In [1]:
import nltk
import os
import math
from collections import defaultdict
from nltk import FreqDist

STOPWORDS = set(nltk.corpus.stopwords.words('english'))
PORTER_STEMMER = nltk.PorterStemmer()
LANCASTER_STEMMER = nltk.LancasterStemmer()


In [2]:
def get_processing_args():
    tokenization = "Split"
    normalization = "None",
    file_type = "TPD"
    return tokenization, normalization, file_type

In [3]:
def preprocessing(doc_path, tokenization, normalization):
    with open(doc_path, 'r') as file:
        text = file.read()
        
    # Tokenization
    if tokenization == "Split":
        tokens = text.split()
    else:
        exp_reg = nltk.RegexpTokenizer(r'\d+(?:\.\d+)?x\d+|\d+(?:\.\d+)|\w+(?:-\w+)*|(?:[A-Z]\.)+|\w+')
        tokens = exp_reg.tokenize(text)

    # Remove stopwords
    tokens = [term for term in tokens if term.lower() not in STOPWORDS]

    # Normalization
    if normalization == "Porter":
        tokens = [PORTER_STEMMER.stem(term) for term in tokens]
    elif normalization == "Lancaster":
        tokens = [LANCASTER_STEMMER.stem(term) for term in tokens]

    return tokens

In [4]:
def build_global_term_frequencies(tokenization, normalization):
    global_term_frequencies = defaultdict(int)

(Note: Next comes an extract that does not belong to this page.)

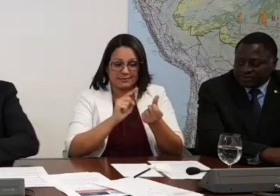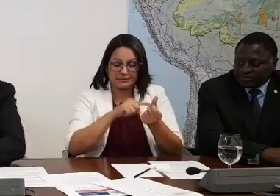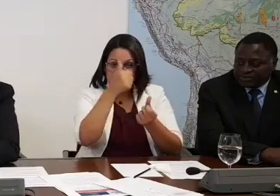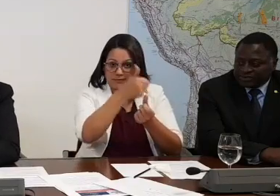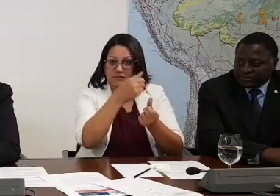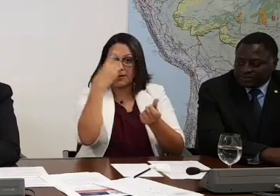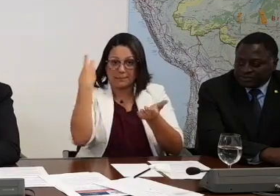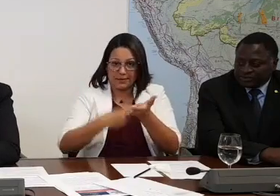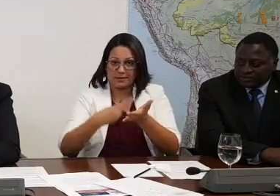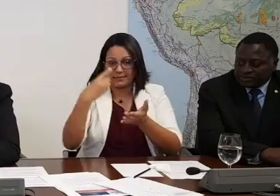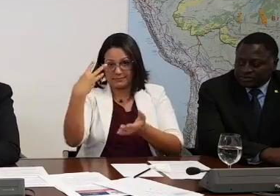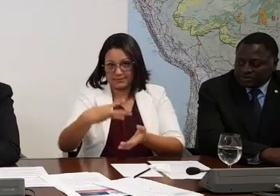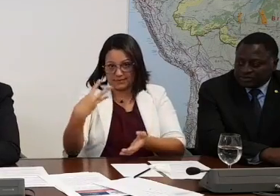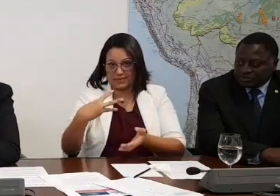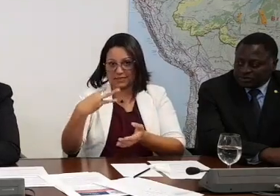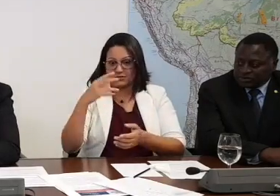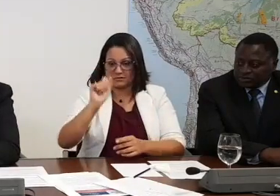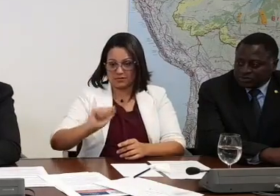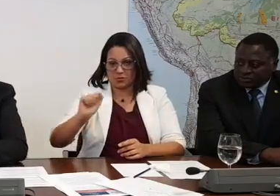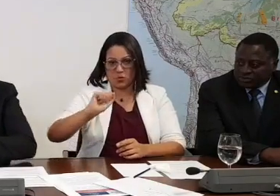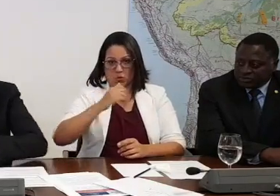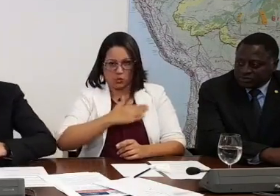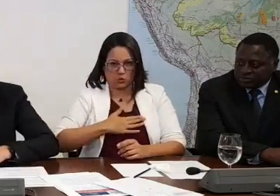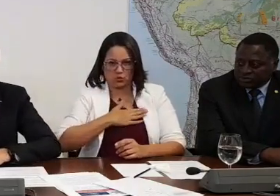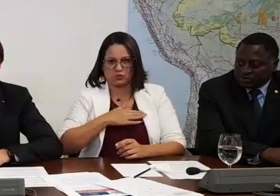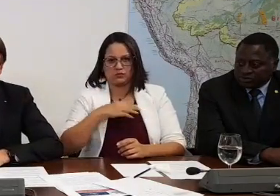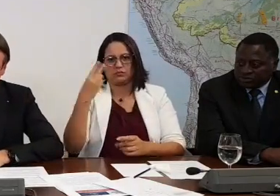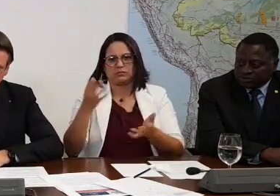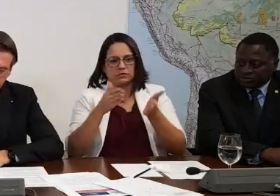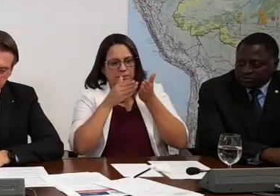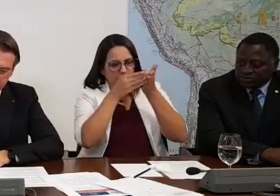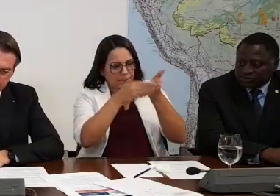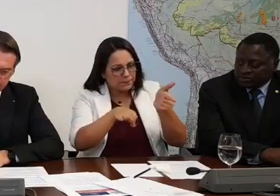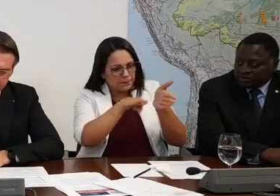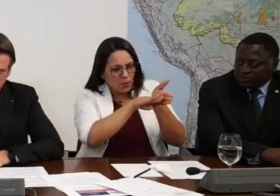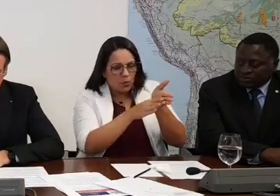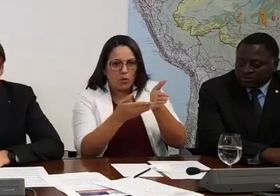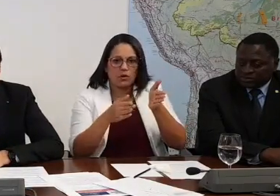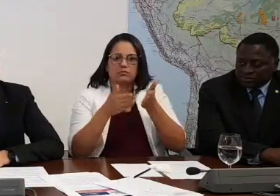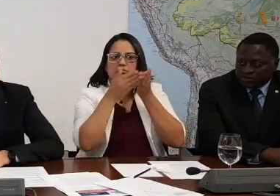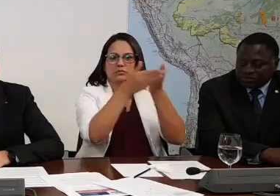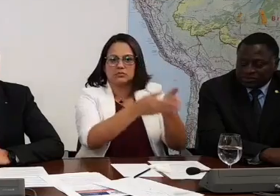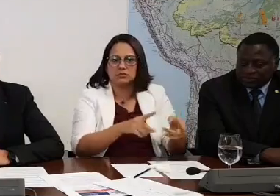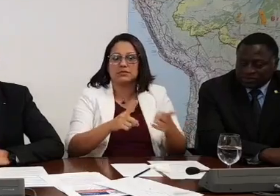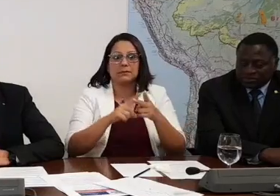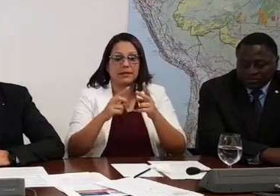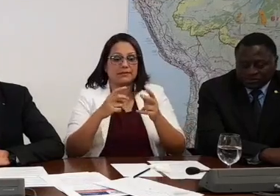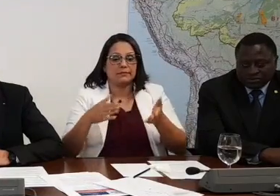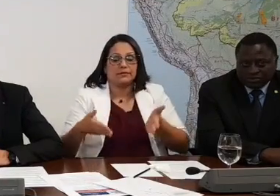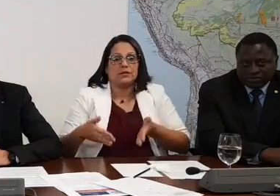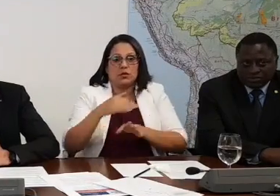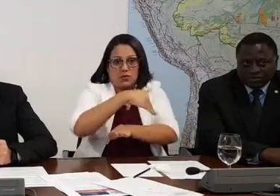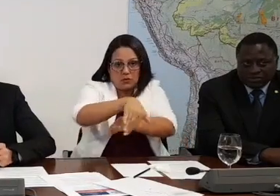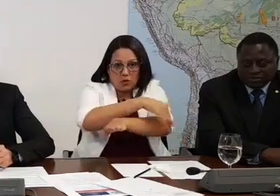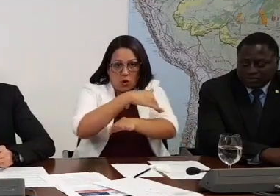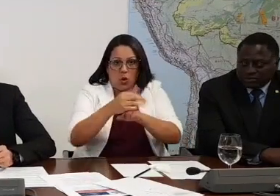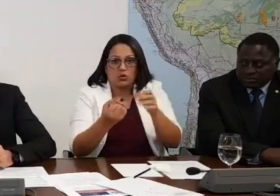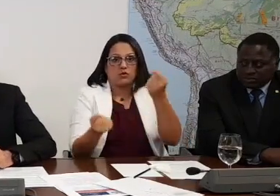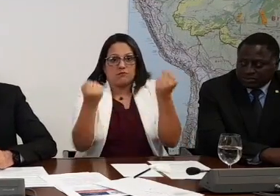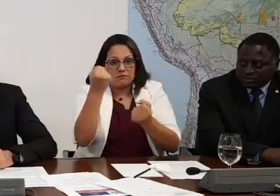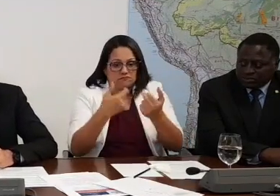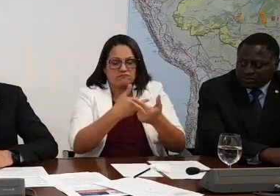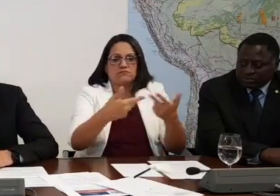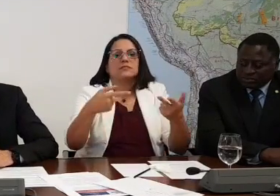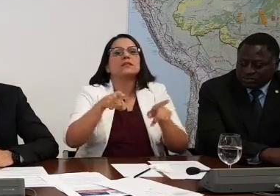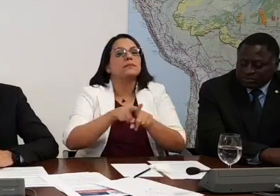marcados pra agosto, de terminais portuários, um marcado de rodovia já pra setembro, e dia 31, presidente, nós estaremos juntos

    for doc_name in os.listdir('Collections'):
        doc_path = os.path.join('Collections', doc_name)
        tokens = preprocessing(doc_path, tokenization, normalization)
        unique_terms = set(tokens)

        for term in unique_terms:
            global_term_frequencies[term] += 1
            
    return global_term_frequencies

In [5]:
def Display_TPD_result(query, terms_freq, global_term_frequencies, N):
    max_freq = max(terms_freq.values())

    for idx, (term, freq) in enumerate(terms_freq.items(), start=1):
        poids = (freq / max_freq) * math.log10((N / global_term_frequencies[term]) + 1)
        print(idx, query, term, freq, format(poids, '.4f'))

In [6]:
def text_processing(query):
    tokenization, normalization, file_type = get_processing_args()
   
    global_term_frequencies = build_global_term_frequencies(tokenization, normalization)  # Calculate global term frequencies
    N = len(os.listdir('Collections'))
    
    if file_type == "TPD":
        doc_path = os.path.join('Collections', f"{query}.txt")
        tokens = preprocessing(doc_path, tokenization, normalization)
        terms_freq = FreqDist(tokens)

        Display_TPD_result(query, terms_freq, global_term_frequencies, N)
        
    else :
        i=0
        for doc_name in os.listdir('Collections'):
            doc_path = os.path.join('Collections', doc_name)
            Tokens = preprocessing(doc_path, tokenization, normalization)
            terms_freq = FreqDist(Tokens)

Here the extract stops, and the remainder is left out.